*** Source records ***
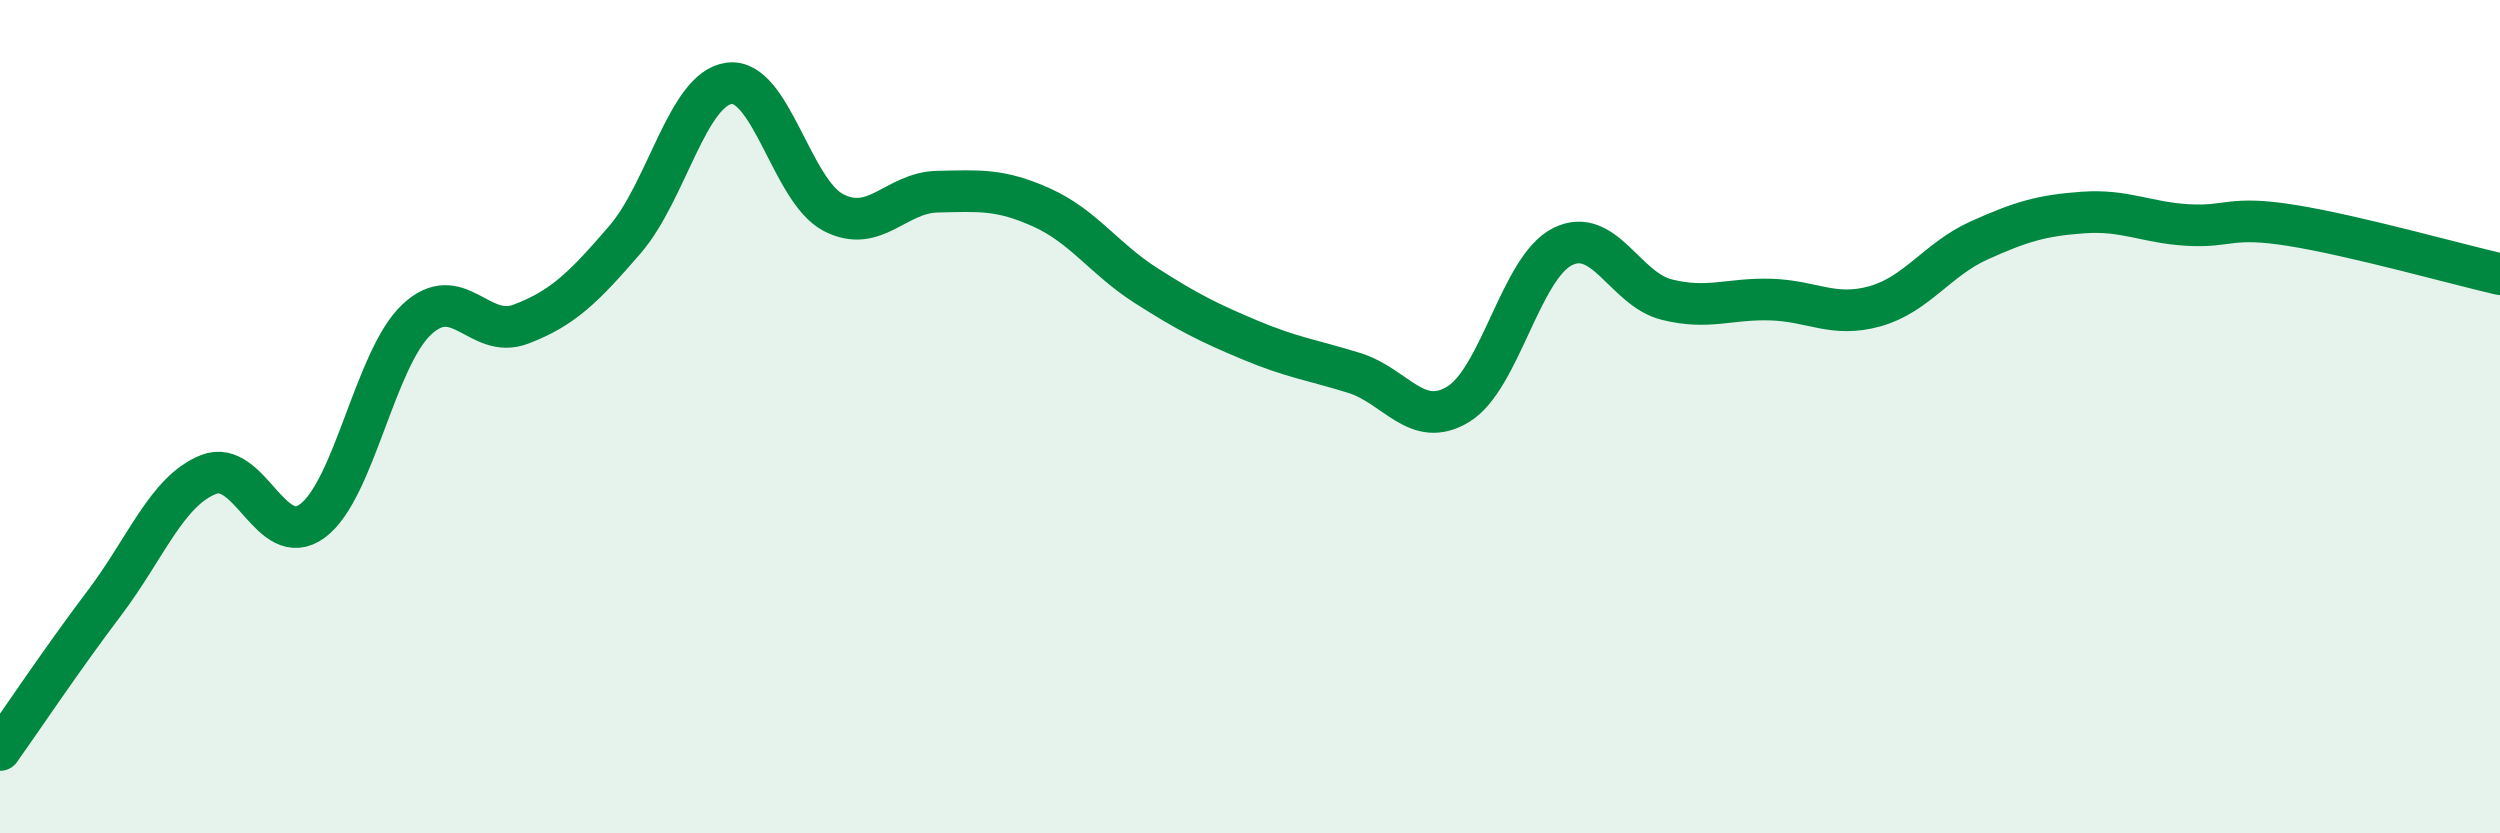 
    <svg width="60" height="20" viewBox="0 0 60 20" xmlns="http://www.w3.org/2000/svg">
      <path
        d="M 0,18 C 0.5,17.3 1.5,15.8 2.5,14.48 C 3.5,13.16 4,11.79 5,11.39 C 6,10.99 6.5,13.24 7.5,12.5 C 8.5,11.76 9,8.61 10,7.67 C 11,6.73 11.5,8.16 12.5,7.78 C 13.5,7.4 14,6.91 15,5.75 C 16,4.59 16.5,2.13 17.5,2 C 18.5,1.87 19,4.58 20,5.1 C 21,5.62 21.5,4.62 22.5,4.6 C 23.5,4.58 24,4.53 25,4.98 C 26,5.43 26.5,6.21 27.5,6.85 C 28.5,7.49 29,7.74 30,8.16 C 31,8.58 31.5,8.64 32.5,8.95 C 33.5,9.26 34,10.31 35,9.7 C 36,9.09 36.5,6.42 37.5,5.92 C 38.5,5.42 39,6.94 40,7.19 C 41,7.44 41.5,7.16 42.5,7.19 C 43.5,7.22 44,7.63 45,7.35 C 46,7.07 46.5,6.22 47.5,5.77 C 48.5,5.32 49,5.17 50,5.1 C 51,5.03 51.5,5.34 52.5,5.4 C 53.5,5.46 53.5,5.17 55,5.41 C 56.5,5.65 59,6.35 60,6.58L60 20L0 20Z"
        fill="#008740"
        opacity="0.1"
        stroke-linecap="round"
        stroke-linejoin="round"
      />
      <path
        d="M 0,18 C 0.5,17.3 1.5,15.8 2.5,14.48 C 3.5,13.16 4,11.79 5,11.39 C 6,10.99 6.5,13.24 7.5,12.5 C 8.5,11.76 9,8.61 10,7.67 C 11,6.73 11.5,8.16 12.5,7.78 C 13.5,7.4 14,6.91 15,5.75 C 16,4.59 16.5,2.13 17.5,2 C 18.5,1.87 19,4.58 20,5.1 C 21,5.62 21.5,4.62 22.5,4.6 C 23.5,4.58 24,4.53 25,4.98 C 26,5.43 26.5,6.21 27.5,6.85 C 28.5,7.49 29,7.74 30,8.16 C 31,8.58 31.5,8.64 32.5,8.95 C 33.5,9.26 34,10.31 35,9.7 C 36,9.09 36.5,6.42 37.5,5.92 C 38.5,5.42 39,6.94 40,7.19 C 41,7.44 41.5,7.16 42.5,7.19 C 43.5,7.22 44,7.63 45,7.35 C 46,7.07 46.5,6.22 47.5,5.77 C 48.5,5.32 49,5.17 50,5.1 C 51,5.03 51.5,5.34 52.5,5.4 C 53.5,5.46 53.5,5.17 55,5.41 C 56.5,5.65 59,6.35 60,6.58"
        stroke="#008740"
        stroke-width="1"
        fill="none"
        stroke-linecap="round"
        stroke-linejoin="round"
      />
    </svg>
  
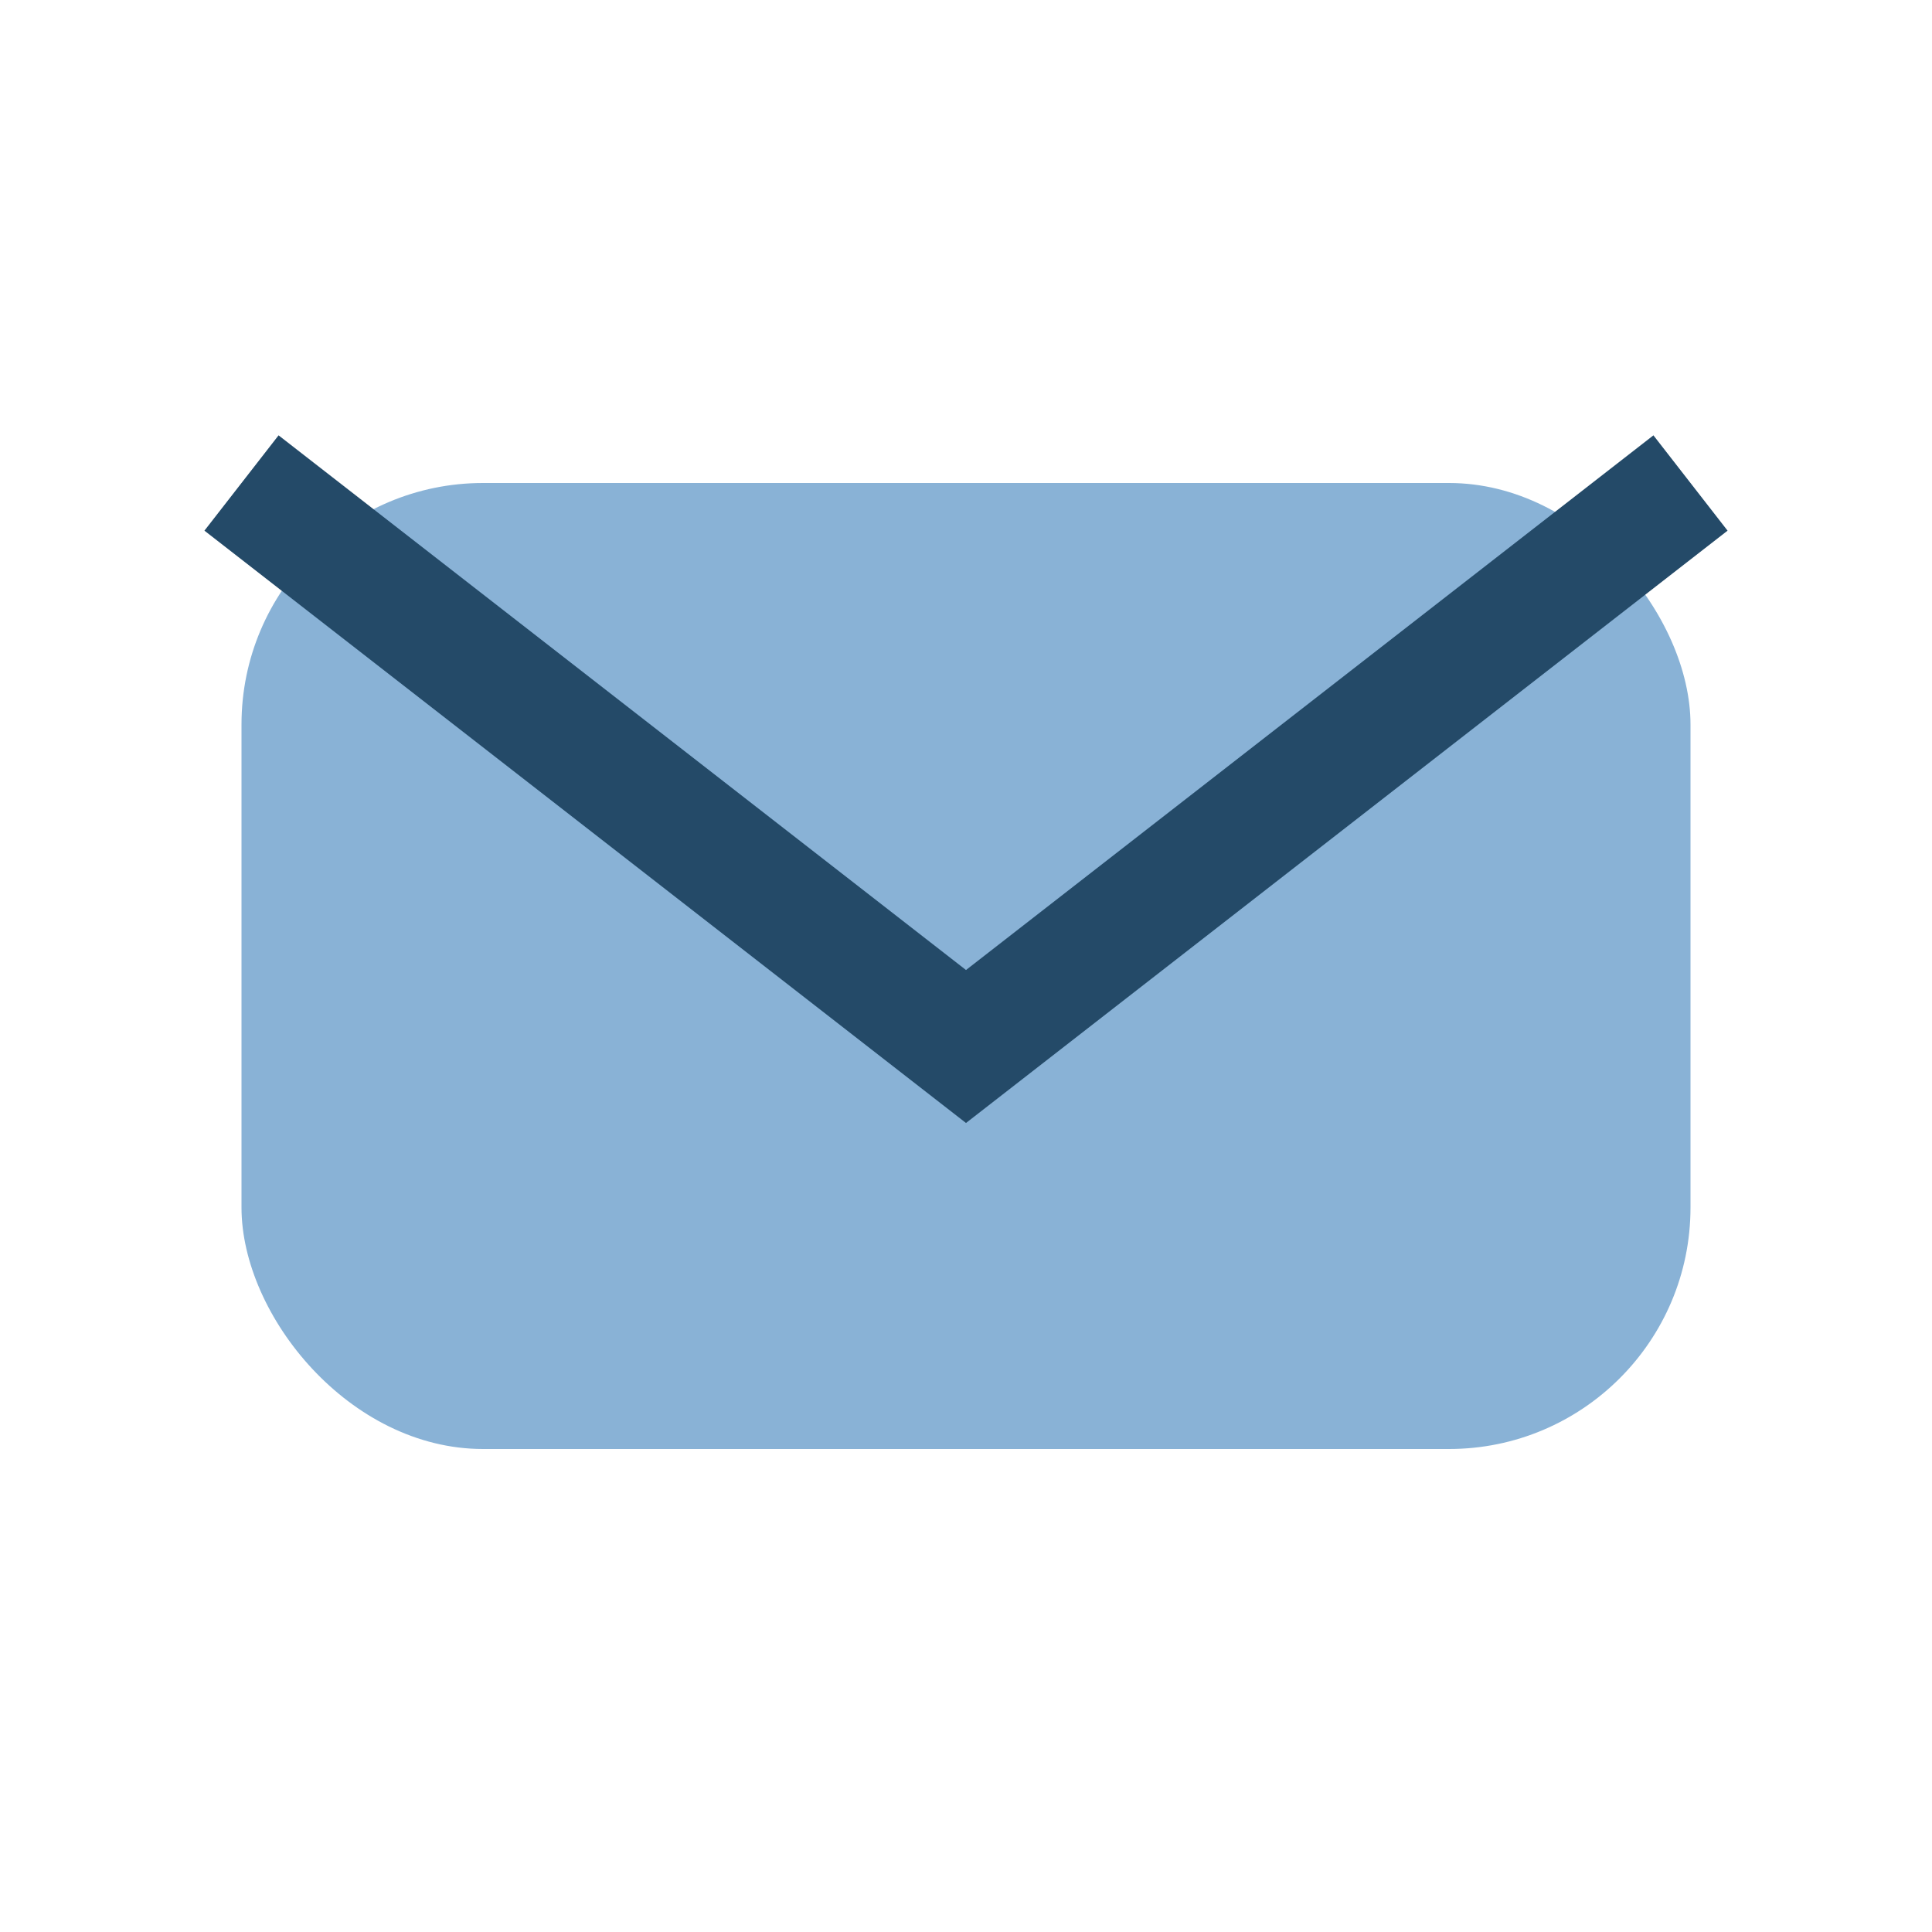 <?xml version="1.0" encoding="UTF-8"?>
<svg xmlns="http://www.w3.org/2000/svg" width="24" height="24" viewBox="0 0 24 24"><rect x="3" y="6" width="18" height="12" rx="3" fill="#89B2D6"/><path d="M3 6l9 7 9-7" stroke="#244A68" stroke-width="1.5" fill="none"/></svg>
*** End of Source records ***
**What you will do**
Give the listing above again in its entirety, exactly as written and free of images.

**Written reply**
    <svg width="60" height="20" viewBox="0 0 60 20" xmlns="http://www.w3.org/2000/svg">
      <path
        d="M 0,18 C 0.5,17.3 1.5,15.8 2.5,14.48 C 3.5,13.16 4,11.79 5,11.39 C 6,10.99 6.5,13.24 7.5,12.5 C 8.5,11.76 9,8.61 10,7.67 C 11,6.73 11.5,8.16 12.5,7.78 C 13.5,7.4 14,6.91 15,5.75 C 16,4.59 16.5,2.13 17.5,2 C 18.5,1.87 19,4.58 20,5.1 C 21,5.62 21.5,4.62 22.5,4.6 C 23.5,4.58 24,4.53 25,4.98 C 26,5.43 26.5,6.21 27.5,6.85 C 28.5,7.49 29,7.74 30,8.16 C 31,8.58 31.5,8.64 32.5,8.95 C 33.5,9.26 34,10.31 35,9.7 C 36,9.09 36.5,6.42 37.5,5.92 C 38.5,5.42 39,6.94 40,7.19 C 41,7.44 41.5,7.16 42.5,7.19 C 43.5,7.22 44,7.63 45,7.35 C 46,7.07 46.5,6.22 47.5,5.77 C 48.5,5.32 49,5.17 50,5.1 C 51,5.03 51.5,5.34 52.5,5.4 C 53.5,5.46 53.5,5.17 55,5.41 C 56.5,5.65 59,6.35 60,6.58L60 20L0 20Z"
        fill="#008740"
        opacity="0.1"
        stroke-linecap="round"
        stroke-linejoin="round"
      />
      <path
        d="M 0,18 C 0.5,17.3 1.5,15.8 2.5,14.48 C 3.5,13.16 4,11.79 5,11.39 C 6,10.99 6.5,13.24 7.5,12.5 C 8.5,11.76 9,8.61 10,7.67 C 11,6.73 11.5,8.16 12.5,7.78 C 13.5,7.4 14,6.91 15,5.75 C 16,4.59 16.5,2.13 17.5,2 C 18.5,1.87 19,4.58 20,5.1 C 21,5.62 21.5,4.62 22.5,4.6 C 23.5,4.58 24,4.53 25,4.98 C 26,5.43 26.5,6.21 27.5,6.85 C 28.5,7.49 29,7.74 30,8.16 C 31,8.58 31.5,8.64 32.5,8.95 C 33.5,9.26 34,10.31 35,9.7 C 36,9.09 36.5,6.42 37.5,5.92 C 38.5,5.42 39,6.94 40,7.19 C 41,7.44 41.5,7.16 42.5,7.19 C 43.5,7.22 44,7.63 45,7.35 C 46,7.07 46.5,6.22 47.5,5.77 C 48.5,5.32 49,5.17 50,5.1 C 51,5.03 51.5,5.34 52.5,5.4 C 53.5,5.46 53.5,5.17 55,5.41 C 56.5,5.65 59,6.35 60,6.58"
        stroke="#008740"
        stroke-width="1"
        fill="none"
        stroke-linecap="round"
        stroke-linejoin="round"
      />
    </svg>
  
 <?xml version="1.0" encoding="UTF-8"?>
<svg xmlns="http://www.w3.org/2000/svg" width="24" height="24" viewBox="0 0 24 24"><rect x="3" y="6" width="18" height="12" rx="3" fill="#89B2D6"/><path d="M3 6l9 7 9-7" stroke="#244A68" stroke-width="1.5" fill="none"/></svg>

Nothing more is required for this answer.